5.2. Overall Performance Comparison

The MEMA model significantly outperforms all baseline methods across all three aesthetic dimensions. Compared to VidMuse, the strongest baseline, MEMA achieves substantial improvements: in the NEC dimension, LCC improves by 24.528%, SRCC by 22.760%, and KTAU by 30.824%. In the TI dimension, LCC improves by 17.763%, SRCC by 16.553%, and KTAU by 6.510%. Based on TIO, the improvements are 12.121% for LCC, 14.286% for SRCC, and 9.337% for KTAU. Notably, ImageBind and VidMuse outperform video quality assessment models (FastVQA and PTM-VQA) on correlation metrics, demonstrating that crossmodal alignment capabilities are beneficial for this task. However, these general-purpose multimodal models still fall short of MEMA, as they lack task-specific mechanisms for aesthetic evaluation. VidMuse shows stronger performance than ImageBind, likely due to its specialization in video–music correspondence learning. Nevertheless, MEMA surpasses VidMuse by a significant margin, validating the effectiveness of our CVAE-based crossmodal imagination module and guided cross-attention alignment mechanism. MEMA shows particularly strong performance in the NEC and TI dimensions, highlighting its advantages in crossmodal narrative consistency and audio–visual fusion quality. Performance in TIO is relatively lower across all models. We attribute this to the nature of thematic originality, which depends heavily on internal musical structure and artistic style. These aspects are more subjective and harder to annotate reliably, resulting in higher variance in the dataset. Nevertheless, all three dimensions maintain relatively high correlation metrics. This suggests that MEMA captures the holistic aesthetic features of film music from multiple perspectives.

5.3. Ablation

To evaluate the contribution of each key module to the overall performance, we conduct a systematic ablation study on VMAE-Sets.

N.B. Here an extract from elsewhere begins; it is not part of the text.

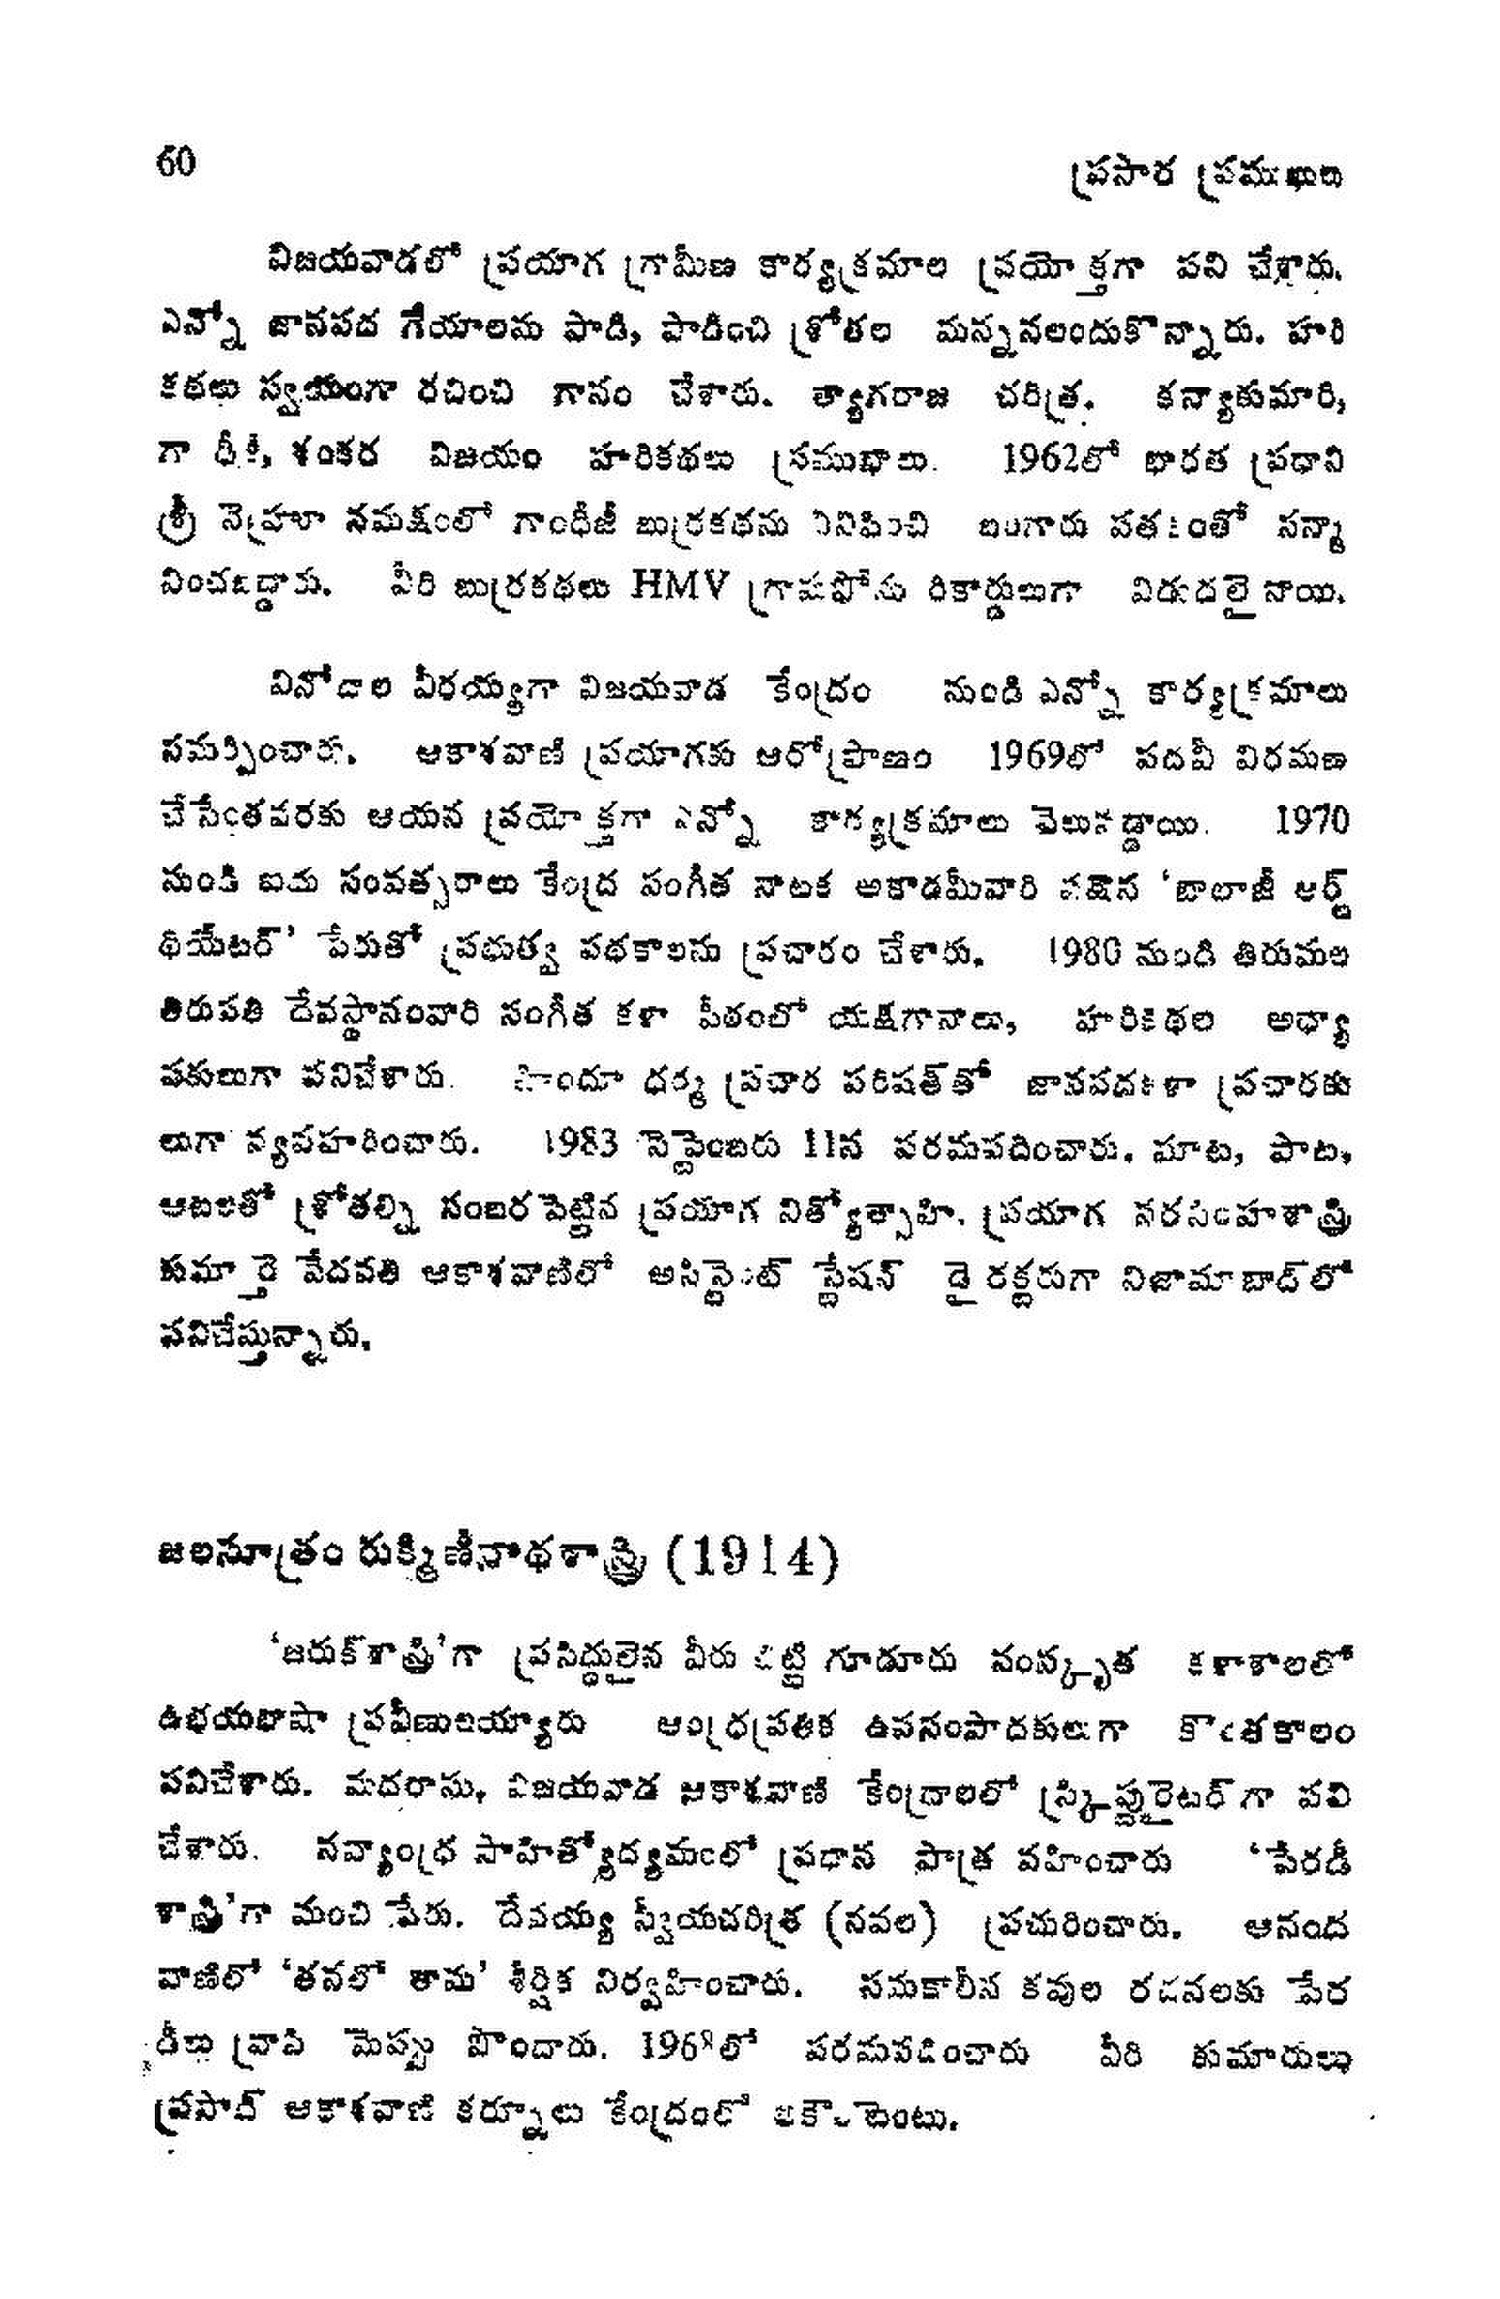విజయవాడలో ప్రయాగ గ్రామీణ కార్యక్రమాల ప్రయోక్తగా పని చేశారు. ఎన్నొ జానపద గేయాలను పాడి, పాడించి శ్రోతల మన్ననలందుకొన్నారు. హరికథలు స్వయంగా రచించి గానం చేశారు. త్యాగరాజ చరిత్ర, కన్యాకుమారి, గాంధీజీ, శంకర విజయం హరికథలు ప్రముఖాలు. 1962లో భారత ప్రధాని శ్రీ నెహ్రూ సమక్షంలో గాంధీజీ బుర్రకథను వినిపించి బంగారు పతకంతో సన్మానించబడ్డారు. వీరి బుర్రకథలు HMV గ్రామఫోను రికార్డులుగా విడుదలైనాయి.

వినోదాల వీరయ్యగా విజయవాడ కేంద్రం నుండి ఎన్నో కార్యక్రమాలు సమర్పించారు. ఆకాశవాణి ప్రయాగకు ఆరోప్రాణం. 1969లో పదవీ విరమణ చేసేంతవరకు ఆయన ప్రయోక్తగా ఎన్నో కార్యక్రమాలు వెలువడ్డాయి. 1970 నుండి ఐదు సంవత్సరాలు కేంద్ర సంగీత నాటక అకాడమీవారి పక్షాన ' బాలాజీ ఆర్ట్ థియేటర్ ' పేరుతో ప్రభుత్వ పథకాలను ప్రచారం చేశారు. 1980 నుండి తిరుమల తిరుపతి దేవస్థానం వారి సంగీత కళా పీఠంలో యక్షగానాలు, హరికథల అధ్యాపకులుగా పనిచేశారు. హిందు ధర్మ ప్రచార పరిషత్ లో జానపద కళా ప్రచారకులుగా వ్యవహరించారు. 1983 సెప్టెంబరు 11న పరమపదించారు. మాట, పాట, ఆటలతో శ్రోతల్ని సంబరపెట్టిన ప్రయాగ నిత్యోత్సాహి. ప్రయాగ నరసింహశాస్త్రి కుమార్తె వేదవతి ఆకాశవాణిలో అసిస్టెంట్ స్టేషన్ డైరక్టరుగా నిజామాబాద్ లో పనిచేస్తున్నారు.

జరుక్ శాస్త్రి గా ప్రసిద్ధులైన వీరు చిట్టి గూడురు సంస్కృత కళాశాలలో ఉభయభాషా ప్రవీణులయ్యారు. ఆంధ్రపత్రిక ఉపసంపాదకులుగా కొంతకాలం పనిచేశారు. మదరాసు, విజయవాడ ఆకాశవాణి కేంద్రాలలో స్క్రిప్టు రైటర్ గా పనిచేశారు. నవ్యాంధ్ర సాహిత్యోద్యమంలో ప్రధాన పాత్ర వహించారు. పేరడీ శాస్త్రి గా మంచి పేరు. దేవయ్య స్వీయచరిత్ర (నవల) ప్రచురించారు. ఆనంద వాణిలో ' తనలో తాను ' శీర్షిక నిర్వహించారు. సమకాలీన కవుల రచనలకు పేరడీలు వ్రాసి మెప్పు పొందారు. 1968లో పరమపదించారు. వీరి కుమారులు ప్రసాద్ ఆకాశవాణి కర్నూలు కేంద్రంలో అకౌంటెంటు.

Using the MEMA model as the baseline, we remove or replace individual core components to examine their effects on the aesthetic evaluation tasks. The ablation settings are as follows:
(1) w/o CVAE: The Crossmodal Imagination Module is removed, and the model performs crossmodal mapping using feature concatenation only. (2) w/o GCAAM: The Guided Cross-Attention Alignment Module is replaced with a standard attention mechanism. (3) w/o Acoustic Branch: The acoustic feature branch is removed, retaining only the semantic audio encoding pathway. (4) w/o AV-Fusion: The segment-level audio–visual fusion layer is removed, and the model performs global-level alignment only. (5) Shared Head: All three dimensions share a single scoring head rather than using independent branches.
All experiments are conducted using the same data split and training procedure. LCC and SRCC are used as the evaluation metrics.
As shown in Table 3, the results show that CVAE has the most significant impact. Removing it leads to SRCC drops of 46.131%, 33.675%, and 43.295% in the NEC, TI, and TIO dimensions respectively, highlighting its central role in establishing deep semantic mappings between music and visual content. Interestingly, the GCAAM primarily affects the NEC dimension (25.109% drop) while having minimal impact on TI (0.146%) and TIO (0.383%), suggesting its specialized role in narrative–emotional alignment. Eliminating the Acoustic Branch results in consistent drops of 21.022%, 26.647%, and 24.138%, reflecting its complementary contribution to audio–visual integration quality. Removing AV-Fusion causes substantial degradation across all dimensions, with SRCC decreasing by 32.409%, 36.310%, and 25.670%, respectively. The Shared Head configuration has the smallest effect, causing only 4.526%, 3.075%, and 2.490% degradation, indicating that the three aesthetic dimensions share certain feature patterns.

5.4. Robustness Analysis

To evaluate the reliability and generalization ability of MEMA in practical scenarios, we assess performance variations under different video and audio quality conditions. All models are trained using the same dataset and settings. During testing, input video or audio signals are subjected to degradation. Video degradation is achieved by downscaling the resolution from the original 480p to 360p (mild) and 240p (severe). Audio degradation is implemented by reducing the bitrate to 128 kbps, 64 kbps, and 32 kbps. These constitute three quality levels: normal, mildly degraded, and severely degraded. As shown in Figure 4, MEMA consistently exhibits the lowest degradation rate under all quality levels. Its performance degradation curve remains the most stable. Compared to baseline models, MEMA demonstrates smaller performance drops in response to reduced input quality. This indicates that MEMA maintains higher prediction stability even under low-quality conditions. This robustness makes MEMA more suitable for real-world applications such as soundtrack evaluation and retrieval, where input quality may fluctuate significantly.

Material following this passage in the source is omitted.